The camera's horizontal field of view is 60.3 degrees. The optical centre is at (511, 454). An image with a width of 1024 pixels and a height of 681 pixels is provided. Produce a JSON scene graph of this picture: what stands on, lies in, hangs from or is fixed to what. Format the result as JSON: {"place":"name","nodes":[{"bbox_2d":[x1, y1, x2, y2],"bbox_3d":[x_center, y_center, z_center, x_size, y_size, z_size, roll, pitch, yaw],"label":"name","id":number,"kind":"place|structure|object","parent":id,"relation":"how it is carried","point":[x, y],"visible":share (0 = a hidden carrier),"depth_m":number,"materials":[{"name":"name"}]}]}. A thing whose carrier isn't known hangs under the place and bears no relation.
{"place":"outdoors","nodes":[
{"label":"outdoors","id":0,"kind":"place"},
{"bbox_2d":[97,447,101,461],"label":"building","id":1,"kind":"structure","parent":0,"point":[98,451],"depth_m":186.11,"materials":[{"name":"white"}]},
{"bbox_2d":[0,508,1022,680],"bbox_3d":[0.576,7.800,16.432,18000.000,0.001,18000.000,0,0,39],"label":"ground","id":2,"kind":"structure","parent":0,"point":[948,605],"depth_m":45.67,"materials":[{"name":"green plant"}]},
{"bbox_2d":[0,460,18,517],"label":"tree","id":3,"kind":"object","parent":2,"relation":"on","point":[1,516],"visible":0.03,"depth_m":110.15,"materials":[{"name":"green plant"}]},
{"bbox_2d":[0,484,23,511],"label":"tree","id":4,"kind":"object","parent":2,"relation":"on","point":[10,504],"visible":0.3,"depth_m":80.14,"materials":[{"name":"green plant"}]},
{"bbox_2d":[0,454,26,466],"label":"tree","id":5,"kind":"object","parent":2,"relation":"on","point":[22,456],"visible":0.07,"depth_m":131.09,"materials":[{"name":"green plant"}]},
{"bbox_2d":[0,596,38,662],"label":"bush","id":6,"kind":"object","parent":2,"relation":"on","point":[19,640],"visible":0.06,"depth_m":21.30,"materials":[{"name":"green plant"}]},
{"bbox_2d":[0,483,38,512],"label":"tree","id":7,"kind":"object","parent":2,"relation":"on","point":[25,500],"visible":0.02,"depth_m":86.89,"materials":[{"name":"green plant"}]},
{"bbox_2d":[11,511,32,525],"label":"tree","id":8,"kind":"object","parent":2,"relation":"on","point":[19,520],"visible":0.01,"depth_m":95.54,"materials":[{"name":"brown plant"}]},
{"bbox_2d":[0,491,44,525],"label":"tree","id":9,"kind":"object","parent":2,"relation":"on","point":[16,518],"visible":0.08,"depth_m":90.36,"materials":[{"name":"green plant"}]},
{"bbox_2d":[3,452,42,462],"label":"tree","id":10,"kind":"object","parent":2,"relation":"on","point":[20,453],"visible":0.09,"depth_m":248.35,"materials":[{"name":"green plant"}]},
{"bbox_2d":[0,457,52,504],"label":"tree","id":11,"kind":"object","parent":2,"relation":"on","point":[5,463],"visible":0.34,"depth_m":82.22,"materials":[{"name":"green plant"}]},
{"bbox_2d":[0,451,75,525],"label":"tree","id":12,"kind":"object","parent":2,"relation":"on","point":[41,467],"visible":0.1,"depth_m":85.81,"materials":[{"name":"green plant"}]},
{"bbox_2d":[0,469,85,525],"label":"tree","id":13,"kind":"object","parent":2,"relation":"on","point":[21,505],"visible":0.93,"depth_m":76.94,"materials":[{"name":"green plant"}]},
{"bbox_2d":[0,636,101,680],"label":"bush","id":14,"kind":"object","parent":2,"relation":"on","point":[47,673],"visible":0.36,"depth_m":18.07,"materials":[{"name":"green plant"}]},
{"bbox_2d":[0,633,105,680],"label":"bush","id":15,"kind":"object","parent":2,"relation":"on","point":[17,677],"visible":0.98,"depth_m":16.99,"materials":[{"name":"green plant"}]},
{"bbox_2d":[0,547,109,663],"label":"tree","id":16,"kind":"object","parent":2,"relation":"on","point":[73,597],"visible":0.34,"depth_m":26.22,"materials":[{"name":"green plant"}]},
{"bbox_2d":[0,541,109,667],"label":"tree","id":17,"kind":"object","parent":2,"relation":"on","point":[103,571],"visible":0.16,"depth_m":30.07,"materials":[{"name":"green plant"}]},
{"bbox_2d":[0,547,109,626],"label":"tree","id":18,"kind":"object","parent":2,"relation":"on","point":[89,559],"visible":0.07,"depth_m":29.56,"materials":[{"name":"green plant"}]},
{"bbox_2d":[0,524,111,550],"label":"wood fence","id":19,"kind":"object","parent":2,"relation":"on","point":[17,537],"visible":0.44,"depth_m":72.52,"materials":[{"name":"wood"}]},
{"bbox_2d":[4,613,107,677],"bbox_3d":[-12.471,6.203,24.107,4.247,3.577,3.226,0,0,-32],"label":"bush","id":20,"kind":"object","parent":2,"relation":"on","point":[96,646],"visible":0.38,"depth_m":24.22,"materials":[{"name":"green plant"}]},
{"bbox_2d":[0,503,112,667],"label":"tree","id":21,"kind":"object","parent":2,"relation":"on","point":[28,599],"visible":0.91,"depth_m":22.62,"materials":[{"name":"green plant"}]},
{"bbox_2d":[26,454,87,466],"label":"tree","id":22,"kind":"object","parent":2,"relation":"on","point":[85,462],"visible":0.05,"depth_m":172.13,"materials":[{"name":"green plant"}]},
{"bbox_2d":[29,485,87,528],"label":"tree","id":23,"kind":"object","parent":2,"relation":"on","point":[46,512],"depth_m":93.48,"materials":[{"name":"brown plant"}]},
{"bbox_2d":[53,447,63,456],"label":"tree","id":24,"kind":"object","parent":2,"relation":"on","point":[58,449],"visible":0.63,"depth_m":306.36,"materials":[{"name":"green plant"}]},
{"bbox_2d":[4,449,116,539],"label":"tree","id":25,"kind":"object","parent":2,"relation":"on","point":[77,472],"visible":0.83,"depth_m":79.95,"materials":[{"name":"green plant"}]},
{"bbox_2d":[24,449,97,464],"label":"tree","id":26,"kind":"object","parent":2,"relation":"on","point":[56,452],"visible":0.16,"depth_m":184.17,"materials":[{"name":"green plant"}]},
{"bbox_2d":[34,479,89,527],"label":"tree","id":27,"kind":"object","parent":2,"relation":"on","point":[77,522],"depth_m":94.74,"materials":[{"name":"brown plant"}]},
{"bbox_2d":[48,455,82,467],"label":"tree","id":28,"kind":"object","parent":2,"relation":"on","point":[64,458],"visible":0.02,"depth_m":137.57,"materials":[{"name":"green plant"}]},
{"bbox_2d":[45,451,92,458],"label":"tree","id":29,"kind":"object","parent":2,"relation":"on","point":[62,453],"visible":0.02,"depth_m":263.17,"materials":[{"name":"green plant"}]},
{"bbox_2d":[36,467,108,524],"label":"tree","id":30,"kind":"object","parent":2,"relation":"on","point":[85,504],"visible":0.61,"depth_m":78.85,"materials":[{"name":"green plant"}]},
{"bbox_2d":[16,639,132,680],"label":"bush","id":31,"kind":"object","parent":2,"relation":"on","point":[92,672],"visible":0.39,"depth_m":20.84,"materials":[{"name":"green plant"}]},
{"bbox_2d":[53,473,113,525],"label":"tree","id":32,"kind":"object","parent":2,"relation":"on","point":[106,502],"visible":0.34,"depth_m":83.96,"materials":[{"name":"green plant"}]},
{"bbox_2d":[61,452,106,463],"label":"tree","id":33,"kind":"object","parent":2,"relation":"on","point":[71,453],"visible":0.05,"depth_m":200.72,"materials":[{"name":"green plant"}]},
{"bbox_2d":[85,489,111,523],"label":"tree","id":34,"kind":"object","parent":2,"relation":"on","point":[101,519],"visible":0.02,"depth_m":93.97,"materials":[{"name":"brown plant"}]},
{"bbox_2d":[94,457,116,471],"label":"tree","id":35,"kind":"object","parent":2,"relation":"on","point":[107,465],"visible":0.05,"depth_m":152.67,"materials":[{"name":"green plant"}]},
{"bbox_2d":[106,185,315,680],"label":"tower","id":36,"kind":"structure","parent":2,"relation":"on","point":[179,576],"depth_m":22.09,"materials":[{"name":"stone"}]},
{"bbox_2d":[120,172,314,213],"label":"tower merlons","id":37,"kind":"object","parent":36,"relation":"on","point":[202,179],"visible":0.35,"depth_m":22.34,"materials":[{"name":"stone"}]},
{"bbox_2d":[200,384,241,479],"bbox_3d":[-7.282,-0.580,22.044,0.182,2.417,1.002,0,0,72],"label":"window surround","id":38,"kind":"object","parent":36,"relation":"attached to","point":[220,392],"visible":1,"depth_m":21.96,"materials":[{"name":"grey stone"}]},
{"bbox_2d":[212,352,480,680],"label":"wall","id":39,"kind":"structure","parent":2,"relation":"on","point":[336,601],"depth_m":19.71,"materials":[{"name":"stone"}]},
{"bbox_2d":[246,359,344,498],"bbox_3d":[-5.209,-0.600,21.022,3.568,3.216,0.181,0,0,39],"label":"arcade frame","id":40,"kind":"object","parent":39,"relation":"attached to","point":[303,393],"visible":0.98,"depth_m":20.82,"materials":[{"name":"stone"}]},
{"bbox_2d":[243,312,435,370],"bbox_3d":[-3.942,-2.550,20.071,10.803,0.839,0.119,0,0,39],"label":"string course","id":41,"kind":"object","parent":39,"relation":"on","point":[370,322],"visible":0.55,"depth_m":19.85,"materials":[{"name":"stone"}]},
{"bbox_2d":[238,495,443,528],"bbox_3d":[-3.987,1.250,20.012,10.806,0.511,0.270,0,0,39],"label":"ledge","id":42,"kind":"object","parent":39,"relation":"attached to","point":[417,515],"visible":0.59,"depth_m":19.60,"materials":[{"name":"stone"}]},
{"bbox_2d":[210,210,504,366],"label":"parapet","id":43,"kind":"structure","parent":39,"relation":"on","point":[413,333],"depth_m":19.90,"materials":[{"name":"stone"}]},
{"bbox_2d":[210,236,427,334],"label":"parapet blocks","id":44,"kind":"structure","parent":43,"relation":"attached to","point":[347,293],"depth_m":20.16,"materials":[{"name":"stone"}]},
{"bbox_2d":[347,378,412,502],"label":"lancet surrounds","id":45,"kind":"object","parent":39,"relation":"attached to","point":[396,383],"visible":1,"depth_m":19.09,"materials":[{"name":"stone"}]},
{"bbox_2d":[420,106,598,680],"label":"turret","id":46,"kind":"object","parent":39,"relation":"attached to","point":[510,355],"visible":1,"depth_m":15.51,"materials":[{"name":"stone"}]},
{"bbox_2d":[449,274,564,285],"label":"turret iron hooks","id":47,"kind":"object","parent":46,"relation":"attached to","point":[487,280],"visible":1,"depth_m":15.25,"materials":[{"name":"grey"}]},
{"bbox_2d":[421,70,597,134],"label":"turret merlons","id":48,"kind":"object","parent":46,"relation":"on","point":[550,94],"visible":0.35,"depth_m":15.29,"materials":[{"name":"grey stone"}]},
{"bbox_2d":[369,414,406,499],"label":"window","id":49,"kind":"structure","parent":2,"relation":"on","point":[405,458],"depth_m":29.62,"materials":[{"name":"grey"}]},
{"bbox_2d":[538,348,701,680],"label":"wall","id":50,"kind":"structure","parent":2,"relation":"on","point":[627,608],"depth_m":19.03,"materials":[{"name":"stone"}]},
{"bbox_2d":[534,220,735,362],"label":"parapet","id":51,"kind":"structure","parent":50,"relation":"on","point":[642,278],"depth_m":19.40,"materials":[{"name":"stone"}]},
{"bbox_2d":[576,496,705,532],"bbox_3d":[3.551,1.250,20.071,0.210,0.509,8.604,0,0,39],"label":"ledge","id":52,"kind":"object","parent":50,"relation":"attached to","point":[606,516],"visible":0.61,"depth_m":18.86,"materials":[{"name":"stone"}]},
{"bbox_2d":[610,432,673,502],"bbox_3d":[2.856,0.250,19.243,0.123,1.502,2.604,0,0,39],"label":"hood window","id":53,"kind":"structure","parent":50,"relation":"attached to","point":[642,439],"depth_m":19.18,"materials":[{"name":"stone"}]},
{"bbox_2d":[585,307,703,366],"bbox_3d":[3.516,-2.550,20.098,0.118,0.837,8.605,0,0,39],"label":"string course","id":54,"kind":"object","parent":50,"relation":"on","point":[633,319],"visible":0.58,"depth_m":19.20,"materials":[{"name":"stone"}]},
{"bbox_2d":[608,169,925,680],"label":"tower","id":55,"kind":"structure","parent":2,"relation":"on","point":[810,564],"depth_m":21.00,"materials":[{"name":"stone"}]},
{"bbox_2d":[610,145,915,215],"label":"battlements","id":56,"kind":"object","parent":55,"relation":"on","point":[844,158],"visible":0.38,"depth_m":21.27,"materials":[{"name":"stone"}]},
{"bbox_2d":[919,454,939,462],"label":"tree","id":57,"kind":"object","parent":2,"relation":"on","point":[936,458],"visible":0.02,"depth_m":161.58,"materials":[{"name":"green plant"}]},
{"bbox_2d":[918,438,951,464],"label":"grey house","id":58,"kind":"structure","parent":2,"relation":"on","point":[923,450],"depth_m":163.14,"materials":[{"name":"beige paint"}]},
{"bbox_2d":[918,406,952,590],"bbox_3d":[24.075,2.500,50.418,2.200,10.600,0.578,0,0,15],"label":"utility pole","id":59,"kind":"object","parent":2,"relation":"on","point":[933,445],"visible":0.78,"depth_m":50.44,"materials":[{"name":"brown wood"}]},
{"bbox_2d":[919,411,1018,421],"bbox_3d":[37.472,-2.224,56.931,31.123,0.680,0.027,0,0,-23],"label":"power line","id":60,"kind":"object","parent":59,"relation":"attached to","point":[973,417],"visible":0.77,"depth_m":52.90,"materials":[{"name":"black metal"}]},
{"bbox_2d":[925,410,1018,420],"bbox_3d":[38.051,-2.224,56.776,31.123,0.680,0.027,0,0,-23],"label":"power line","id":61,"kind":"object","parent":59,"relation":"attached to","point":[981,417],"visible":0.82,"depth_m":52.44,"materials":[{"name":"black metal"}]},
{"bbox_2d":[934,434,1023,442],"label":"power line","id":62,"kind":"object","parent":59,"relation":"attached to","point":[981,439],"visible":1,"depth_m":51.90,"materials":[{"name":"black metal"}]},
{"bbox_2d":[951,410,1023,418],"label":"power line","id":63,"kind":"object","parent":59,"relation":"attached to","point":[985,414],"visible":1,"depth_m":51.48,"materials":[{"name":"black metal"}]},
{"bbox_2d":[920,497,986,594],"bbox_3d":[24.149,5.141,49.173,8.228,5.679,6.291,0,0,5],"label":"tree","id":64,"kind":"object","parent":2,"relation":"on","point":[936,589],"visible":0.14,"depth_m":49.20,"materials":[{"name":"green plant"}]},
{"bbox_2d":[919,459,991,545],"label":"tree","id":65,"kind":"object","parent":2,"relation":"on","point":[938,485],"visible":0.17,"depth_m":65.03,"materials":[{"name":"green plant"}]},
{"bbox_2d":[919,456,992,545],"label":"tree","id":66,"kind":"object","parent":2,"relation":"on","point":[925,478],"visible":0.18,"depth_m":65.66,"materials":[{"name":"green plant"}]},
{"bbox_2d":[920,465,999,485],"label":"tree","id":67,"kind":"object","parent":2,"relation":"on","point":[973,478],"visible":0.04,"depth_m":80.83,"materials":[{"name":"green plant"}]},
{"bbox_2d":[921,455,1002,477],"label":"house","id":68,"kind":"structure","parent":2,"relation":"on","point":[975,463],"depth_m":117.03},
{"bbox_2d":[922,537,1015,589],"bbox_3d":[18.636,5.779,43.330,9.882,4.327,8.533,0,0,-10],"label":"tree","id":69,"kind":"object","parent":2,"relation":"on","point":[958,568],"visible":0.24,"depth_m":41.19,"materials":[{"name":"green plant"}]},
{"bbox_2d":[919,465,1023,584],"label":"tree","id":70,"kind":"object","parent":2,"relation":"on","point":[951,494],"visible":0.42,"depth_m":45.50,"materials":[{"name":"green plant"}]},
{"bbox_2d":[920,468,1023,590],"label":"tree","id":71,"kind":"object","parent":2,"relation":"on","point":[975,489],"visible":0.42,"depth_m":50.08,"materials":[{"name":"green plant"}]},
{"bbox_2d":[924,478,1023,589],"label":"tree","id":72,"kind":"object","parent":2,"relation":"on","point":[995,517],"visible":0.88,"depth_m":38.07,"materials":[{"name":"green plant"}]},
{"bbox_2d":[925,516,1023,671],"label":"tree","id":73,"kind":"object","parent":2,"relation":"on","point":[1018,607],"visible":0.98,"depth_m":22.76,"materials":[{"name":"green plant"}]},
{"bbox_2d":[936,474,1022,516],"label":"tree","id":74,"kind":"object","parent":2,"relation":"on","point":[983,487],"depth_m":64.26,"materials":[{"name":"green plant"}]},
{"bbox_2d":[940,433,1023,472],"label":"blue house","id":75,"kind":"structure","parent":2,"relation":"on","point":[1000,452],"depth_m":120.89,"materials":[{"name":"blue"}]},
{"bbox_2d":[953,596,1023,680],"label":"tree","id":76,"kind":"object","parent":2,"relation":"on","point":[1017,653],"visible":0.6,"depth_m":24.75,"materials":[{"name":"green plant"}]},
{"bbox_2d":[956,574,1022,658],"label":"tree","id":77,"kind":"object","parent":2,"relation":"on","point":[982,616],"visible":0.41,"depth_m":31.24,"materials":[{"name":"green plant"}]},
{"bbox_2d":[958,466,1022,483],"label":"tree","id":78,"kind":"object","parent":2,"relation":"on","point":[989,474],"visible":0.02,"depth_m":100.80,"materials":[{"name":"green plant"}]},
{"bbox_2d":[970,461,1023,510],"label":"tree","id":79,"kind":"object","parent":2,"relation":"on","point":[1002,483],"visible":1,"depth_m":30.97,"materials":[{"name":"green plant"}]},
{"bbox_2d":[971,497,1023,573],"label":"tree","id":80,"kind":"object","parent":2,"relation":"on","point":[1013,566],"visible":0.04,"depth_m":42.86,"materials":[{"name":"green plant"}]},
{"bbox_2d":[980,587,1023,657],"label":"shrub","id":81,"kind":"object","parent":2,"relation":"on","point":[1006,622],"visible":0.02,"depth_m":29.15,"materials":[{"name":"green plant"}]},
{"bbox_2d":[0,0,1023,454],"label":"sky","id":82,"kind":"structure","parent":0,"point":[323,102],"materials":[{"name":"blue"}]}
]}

_____

Check each line of the listing above, and copy it if it contains the word "outdoors".

{"place":"outdoors","nodes":[
{"label":"outdoors","id":0,"kind":"place"},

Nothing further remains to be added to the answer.